Logistic Regression results
Classification report
# Logistic Regression pipeline and grid
lr_pipeline = Pipeline(steps=[
('preprocessor', preprocessor),
('classifier', LogisticRegression(random_state=42, max_iter=1000))
])
lr_param_grid = {
'classifier__solver': ['liblinear'],
'classifier__penalty': ['l1', 'l2'],
'classifier__class_weight': [None, 'balanced']
}
lr_model = GridSearchCV(
estimator=lr_pipeline,
param_grid=lr_param_grid,
cv=cv,
scoring='accuracy',
verbose=0
)
lr_model.fit(X_train, y_train)
y_pred_lr = lr_model.predict(X_test)
print(classification_report(y_test, y_pred_lr))
### Confusion matrix
# Confusion matrix (LR)
conf_lr = confusion_matrix(y_test, y_pred_lr)

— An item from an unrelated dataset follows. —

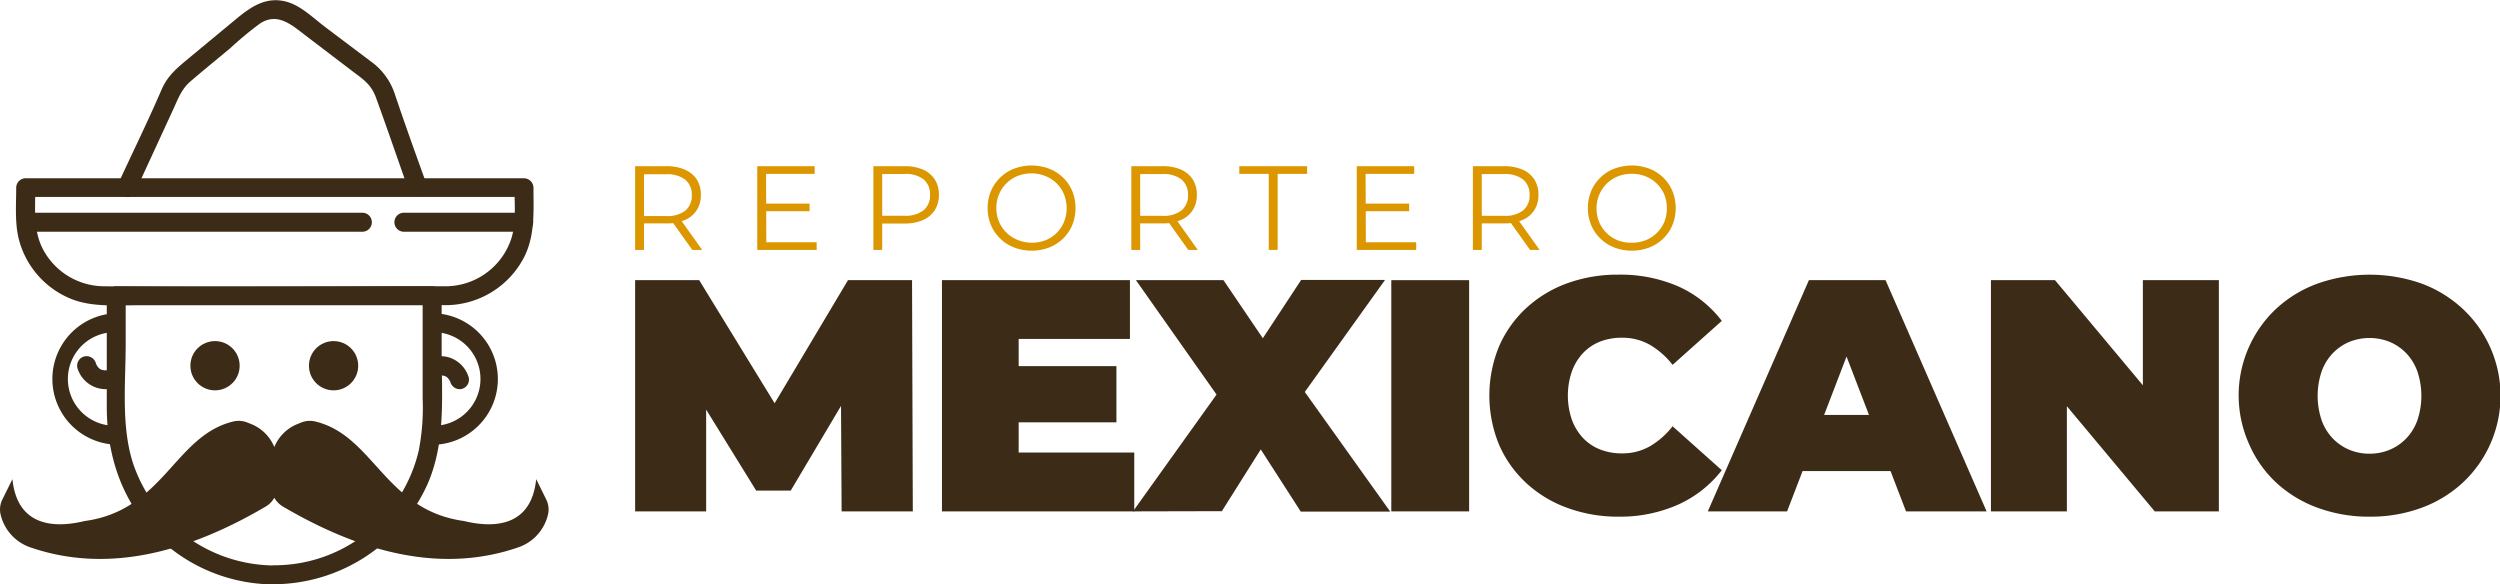 <svg xmlns="http://www.w3.org/2000/svg" viewBox="0 0 462.86 108.2"><defs><style>.a{fill:#3c2c17;}.b{fill:#db9600;}</style></defs><title>reportero-mexicano</title><path class="a" d="M25,35.59l7.09-15.38c.86-1.87,1.53-3.73,3.14-5.11C37.66,13,40.15,11,42.61,8.94a65.06,65.06,0,0,1,5.52-4.58c3.3-2.18,6,.36,8.52,2.27l8.6,6.55c2,1.51,3.47,2.44,4.37,4.92,2.06,5.65,4,11.35,6,17,.75,2.11,4.13,1.2,3.38-.93-2-5.55-4-11.09-5.87-16.66a12,12,0,0,0-4.46-6.13L60.2,5c-2.12-1.61-4.4-3.87-7-4.64-3.9-1.13-6.79.92-9.59,3.25L35,10.74c-2.15,1.8-3.93,3.19-5.09,5.86-2.5,5.8-5.29,11.48-7.94,17.22-.94,2,2.08,3.82,3,1.77Z"></path><path class="a" d="M101.1,92.41l-1.83-3.7c-.83,8.27-7,9.3-13.38,7.75-14.59-2-16.64-15.77-27.46-18.41a4.35,4.35,0,0,0-2.67.18l-.62.25a7.75,7.75,0,0,0-4.35,4.28,7.8,7.8,0,0,0-4.36-4.28l-.62-.25a4.35,4.35,0,0,0-2.67-.18C32.32,80.69,30.28,94.5,15.69,96.46,9.35,98,3.14,97,2.3,88.71L.47,92.41a4.19,4.19,0,0,0-.4,2.67,8.47,8.47,0,0,0,5.66,6.3c13.64,4.65,28.21,1.36,43.46-7.59a4.46,4.46,0,0,0,1.6-1.63,4.38,4.38,0,0,0,1.6,1.63c15.24,8.95,29.82,12.24,43.45,7.59a8.46,8.46,0,0,0,5.66-6.3A4.19,4.19,0,0,0,101.1,92.41Z"></path><circle class="a" cx="39.81" cy="67.71" r="4.56"></circle><circle class="a" cx="61.76" cy="67.71" r="4.56"></circle><path class="a" d="M82.61,53c-21.08,0-42.18.32-63.26,0A12.85,12.85,0,0,1,7.88,46c-1.77-3.5-1.34-7.52-1.34-11.31L4.79,36.46H97l-1.75-1.75c0,3.1.36,6.49-.59,9.48A12.82,12.82,0,0,1,82.61,53c-2.25,0-2.26,3.55,0,3.5a16.38,16.38,0,0,0,14.6-9.24c1.87-4,1.56-8.26,1.56-12.54A1.79,1.79,0,0,0,97,33H4.79A1.78,1.78,0,0,0,3,34.71c0,3.23-.3,6.67.55,9.83a16.31,16.31,0,0,0,9.67,10.82c4,1.58,8.54,1.13,12.74,1.13H82.61A1.75,1.75,0,0,0,82.61,53Z"></path><path class="a" d="M5.68,42.9H67.22a1.76,1.76,0,0,0,0-3.51H5.68a1.76,1.76,0,0,0,0,3.51Z"></path><path class="a" d="M74.65,42.9H97.09a1.76,1.76,0,0,0,0-3.51H74.65a1.76,1.76,0,0,0,0,3.51Z"></path><path class="a" d="M50.77,104.69A27.73,27.73,0,0,1,24.64,85.8c-2.25-6.92-1.37-14.94-1.37-22.12V54.74l-1.75,1.75H80l-1.75-1.75v19a41.37,41.37,0,0,1-.71,9.62,27.46,27.46,0,0,1-26.79,21.3c-2.26,0-2.26,3.53,0,3.51A31.36,31.36,0,0,0,79.23,89.46c3.34-7.77,2.54-16.38,2.54-24.64V54.74A1.78,1.78,0,0,0,80,53H21.52a1.77,1.77,0,0,0-1.75,1.75V75.31c0,10.4,3.73,20,12.16,26.49a31.06,31.06,0,0,0,18.84,6.4A1.76,1.76,0,0,0,50.77,104.69Z"></path><path class="a" d="M21.52,58a12.17,12.17,0,0,0,0,24.33,1.76,1.76,0,0,0,0-3.51,8.66,8.66,0,1,1,0-17.31,1.76,1.76,0,0,0,0-3.51Z"></path><path class="a" d="M80,82.35A12.17,12.17,0,0,0,80,58a1.76,1.76,0,0,0,0,3.51,8.66,8.66,0,1,1,0,17.31,1.76,1.76,0,0,0,0,3.51Z"></path><path class="a" d="M20.16,68.49c-.11,0-.53.09-.23.06s-.16,0-.25,0a4.1,4.1,0,0,1-.61,0c.38,0-.16-.06-.29-.1s-.2-.09,0,0l-.31-.17a2.26,2.26,0,0,1-.71-1A1.8,1.8,0,0,0,15.57,66a1.78,1.78,0,0,0-1.23,2.16,5.52,5.52,0,0,0,3.82,3.71,5.93,5.93,0,0,0,2.93,0,1.75,1.75,0,0,0-.93-3.38Z"></path><path class="a" d="M81,69.52c.11,0,.53-.08.22,0s.17,0,.26,0a4.15,4.15,0,0,1,.61,0c-.38,0,.16.06.29.1s.2.09,0,0l.3.17a2.19,2.19,0,0,1,.72,1A1.8,1.8,0,0,0,85.54,72a1.78,1.78,0,0,0,1.23-2.16A5.56,5.56,0,0,0,83,66.13a5.93,5.93,0,0,0-2.93,0A1.75,1.75,0,0,0,81,69.52Z"></path><path class="a" d="M117.59,94.68V51.87h11.86l17.13,27.95h-6.24L157,51.87h11.86L169,94.68H155.82l-.13-23h2.08L146.4,90.83H140L128.17,71.68h2.57v23Z"></path><path class="a" d="M188.6,83.79H210V94.68h-35.6V51.87h34.8V62.75H188.6Zm-1-16H206.7v10.4H187.62Z"></path><path class="a" d="M209.76,94.68,228.85,68l-.06,10.1L210.31,51.87h16.21l10.77,15.9-6.91.06,10.52-16h15.53L238,77.56v-10l19.39,27.16H240.83L230.07,78l6.67-.06-10.52,16.7Z"></path><path class="a" d="M257.59,94.68V51.87H272V94.68Z"></path><path class="a" d="M299.61,95.66A27.21,27.21,0,0,1,290.1,94a22.36,22.36,0,0,1-7.58-4.62,21.16,21.16,0,0,1-5-7.09,24,24,0,0,1,0-18.11,21.06,21.06,0,0,1,5-7.09,22.36,22.36,0,0,1,7.58-4.62,27.21,27.21,0,0,1,9.51-1.62,26.83,26.83,0,0,1,11.17,2.2,20.75,20.75,0,0,1,8,6.36l-9.11,8.14a14.75,14.75,0,0,0-4.19-3.7,10.2,10.2,0,0,0-5.17-1.32,10.93,10.93,0,0,0-4.1.73,8.81,8.81,0,0,0-3.15,2.14,9.91,9.91,0,0,0-2.05,3.4,13.84,13.84,0,0,0,0,8.87,9.86,9.86,0,0,0,2.05,3.39,8.69,8.69,0,0,0,3.15,2.14,10.93,10.93,0,0,0,4.1.74,10.2,10.2,0,0,0,5.17-1.32,14.75,14.75,0,0,0,4.19-3.7l9.11,8.14a21.25,21.25,0,0,1-8,6.33A26.52,26.52,0,0,1,299.61,95.66Z"></path><path class="a" d="M316.19,94.68l18.72-42.81H349.1l18.71,42.81H352.89l-13.83-36h5.63l-13.82,36Zm11.13-7.46L331,76.82h19.7l3.67,10.4Z"></path><path class="a" d="M368.61,94.68V51.87h11.86l21.78,26.05h-5.51V51.87h14.07V94.68H398.94L377.17,68.63h5.5V94.68Z"></path><path class="a" d="M438.76,95.66A27.53,27.53,0,0,1,429.07,94a22.65,22.65,0,0,1-7.68-4.68,21.41,21.41,0,0,1-5-7.13,22,22,0,0,1,5-25,22.65,22.65,0,0,1,7.68-4.68,29,29,0,0,1,19.3,0A22.76,22.76,0,0,1,456,57.22a22,22,0,0,1,0,32.11A22.76,22.76,0,0,1,448.37,94,27.2,27.2,0,0,1,438.76,95.66ZM438.7,84a9.55,9.55,0,0,0,3.76-.74,9.07,9.07,0,0,0,3.06-2.11,9.46,9.46,0,0,0,2.05-3.36,14.2,14.2,0,0,0,0-9,9.59,9.59,0,0,0-2.05-3.37,9.22,9.22,0,0,0-3.06-2.11,10,10,0,0,0-7.52,0,9.22,9.22,0,0,0-3.06,2.11,9.59,9.59,0,0,0-2.05,3.37,14.2,14.2,0,0,0,0,9,9.46,9.46,0,0,0,2.05,3.36,9.07,9.07,0,0,0,3.06,2.11A9.59,9.59,0,0,0,438.7,84Z"></path><path class="b" d="M117.59,46.27V30.77h5.8a8.34,8.34,0,0,1,3.39.63A5,5,0,0,1,129,33.22a5.19,5.19,0,0,1,.76,2.87,5.08,5.08,0,0,1-.76,2.82,4.91,4.91,0,0,1-2.18,1.82,8.34,8.34,0,0,1-3.39.63H118.5l.73-.75v5.66Zm1.64-5.53L118.5,40h4.84a5.38,5.38,0,0,0,3.54-1,3.52,3.52,0,0,0,1.2-2.85,3.57,3.57,0,0,0-1.2-2.88,5.38,5.38,0,0,0-3.54-1H118.5l.73-.77Zm8.94,5.53-4-5.62H126l4,5.62Z"></path><path class="b" d="M141.88,44.86h9.32v1.41h-11V30.77h10.63v1.42h-9Zm-.18-7.16h8.19v1.4H141.7Z"></path><path class="b" d="M161.7,46.27V30.77h5.8a8.34,8.34,0,0,1,3.39.63,5,5,0,0,1,2.18,1.82,5.19,5.19,0,0,1,.76,2.87,5.08,5.08,0,0,1-.76,2.82,5,5,0,0,1-2.18,1.83,8.17,8.17,0,0,1-3.39.64h-4.9l.73-.77v5.66Zm1.63-5.53-.73-.8h4.85a5.33,5.33,0,0,0,3.53-1,3.48,3.48,0,0,0,1.21-2.84A3.55,3.55,0,0,0,171,33.21a5.33,5.33,0,0,0-3.53-1H162.6l.73-.77Z"></path><path class="b" d="M191,46.41a8.84,8.84,0,0,1-3.24-.59,7.53,7.53,0,0,1-2.59-1.66,7.84,7.84,0,0,1-1.71-2.5,8.36,8.36,0,0,1,0-6.27,7.73,7.73,0,0,1,1.71-2.5,7.58,7.58,0,0,1,2.58-1.66,9.22,9.22,0,0,1,6.49,0,7.71,7.71,0,0,1,2.58,1.65,7.59,7.59,0,0,1,1.7,2.5,8.41,8.41,0,0,1,0,6.29,7.59,7.59,0,0,1-1.7,2.5,7.71,7.71,0,0,1-2.58,1.65A8.76,8.76,0,0,1,191,46.41Zm0-1.47a6.8,6.8,0,0,0,2.58-.47A6.14,6.14,0,0,0,197,41.08,6.91,6.91,0,0,0,197,36a6.14,6.14,0,0,0-3.42-3.39A6.81,6.81,0,0,0,191,32.1a6.9,6.9,0,0,0-2.59.48,6.29,6.29,0,0,0-2.07,1.35,6.4,6.4,0,0,0-1.87,4.59,6.48,6.48,0,0,0,.5,2.55,6.41,6.41,0,0,0,1.37,2,6.29,6.29,0,0,0,2.07,1.35A6.89,6.89,0,0,0,191,44.94Z"></path><path class="b" d="M209.46,46.27V30.77h5.8a8.34,8.34,0,0,1,3.39.63,5,5,0,0,1,2.18,1.82,5.19,5.19,0,0,1,.76,2.87,5.08,5.08,0,0,1-.76,2.82,4.91,4.91,0,0,1-2.18,1.82,8.34,8.34,0,0,1-3.39.63h-4.89l.73-.75v5.66Zm1.64-5.53-.73-.78h4.85a5.35,5.35,0,0,0,3.53-1,3.52,3.52,0,0,0,1.2-2.85,3.57,3.57,0,0,0-1.2-2.88,5.35,5.35,0,0,0-3.53-1h-4.85l.73-.77ZM220,46.27l-4-5.62h1.77l4,5.62Z"></path><path class="b" d="M234.9,46.27V32.19h-5.45V30.77H242v1.42h-5.45V46.27Z"></path><path class="b" d="M252.88,44.86h9.32v1.41h-11V30.77h10.63v1.42h-9Zm-.18-7.16h8.2v1.4h-8.2Z"></path><path class="b" d="M272.7,46.27V30.77h5.8a8.34,8.34,0,0,1,3.39.63,5,5,0,0,1,2.18,1.82,5.19,5.19,0,0,1,.76,2.87,5.08,5.08,0,0,1-.76,2.82,4.91,4.91,0,0,1-2.18,1.82,8.34,8.34,0,0,1-3.39.63h-4.89l.73-.75v5.66Zm1.64-5.53-.73-.78h4.85a5.36,5.36,0,0,0,3.53-1,3.52,3.52,0,0,0,1.2-2.85,3.57,3.57,0,0,0-1.2-2.88,5.36,5.36,0,0,0-3.53-1h-4.85l.73-.77Zm8.94,5.53-4-5.62h1.77l4,5.62Z"></path><path class="b" d="M302.12,46.41a8.84,8.84,0,0,1-3.24-.59,7.53,7.53,0,0,1-2.59-1.66,7.65,7.65,0,0,1-1.7-2.5,8.36,8.36,0,0,1,0-6.27,7.63,7.63,0,0,1,4.28-4.16,9.22,9.22,0,0,1,6.49,0,7.71,7.71,0,0,1,2.58,1.65,7.45,7.45,0,0,1,1.7,2.5,8.41,8.41,0,0,1,0,6.29,7.45,7.45,0,0,1-1.7,2.5,7.71,7.71,0,0,1-2.58,1.65A8.76,8.76,0,0,1,302.12,46.41Zm0-1.47a6.8,6.8,0,0,0,2.58-.47,6.14,6.14,0,0,0,2.06-1.35,6.21,6.21,0,0,0,1.37-2,7,7,0,0,0,0-5.11,6.21,6.21,0,0,0-1.37-2,6.14,6.14,0,0,0-2.06-1.35,6.81,6.81,0,0,0-2.58-.48,6.9,6.9,0,0,0-2.59.48,6.29,6.29,0,0,0-2.07,1.35,6.4,6.4,0,0,0-1.87,4.59,6.48,6.48,0,0,0,.5,2.55,6.41,6.41,0,0,0,1.37,2,6.29,6.29,0,0,0,2.07,1.35A6.89,6.89,0,0,0,302.12,44.94Z"></path></svg>

plt.figure(figsize=(4.5, 4))
sns.heatmap(conf_lr, annot=True, cmap='Blues', fmt='d')
plt.title('Logistic Regression Confusion Matrix')
plt.xlabel('Predicted')
plt.ylabel('Actual')
plt.tight_layout()
plt.show()
### Coefficient magnitudes
# Coefficient magnitudes (LR)
lr_best = lr_model.best_estimator_
coefficients = lr_best.named_steps['classifier'].coef_[0]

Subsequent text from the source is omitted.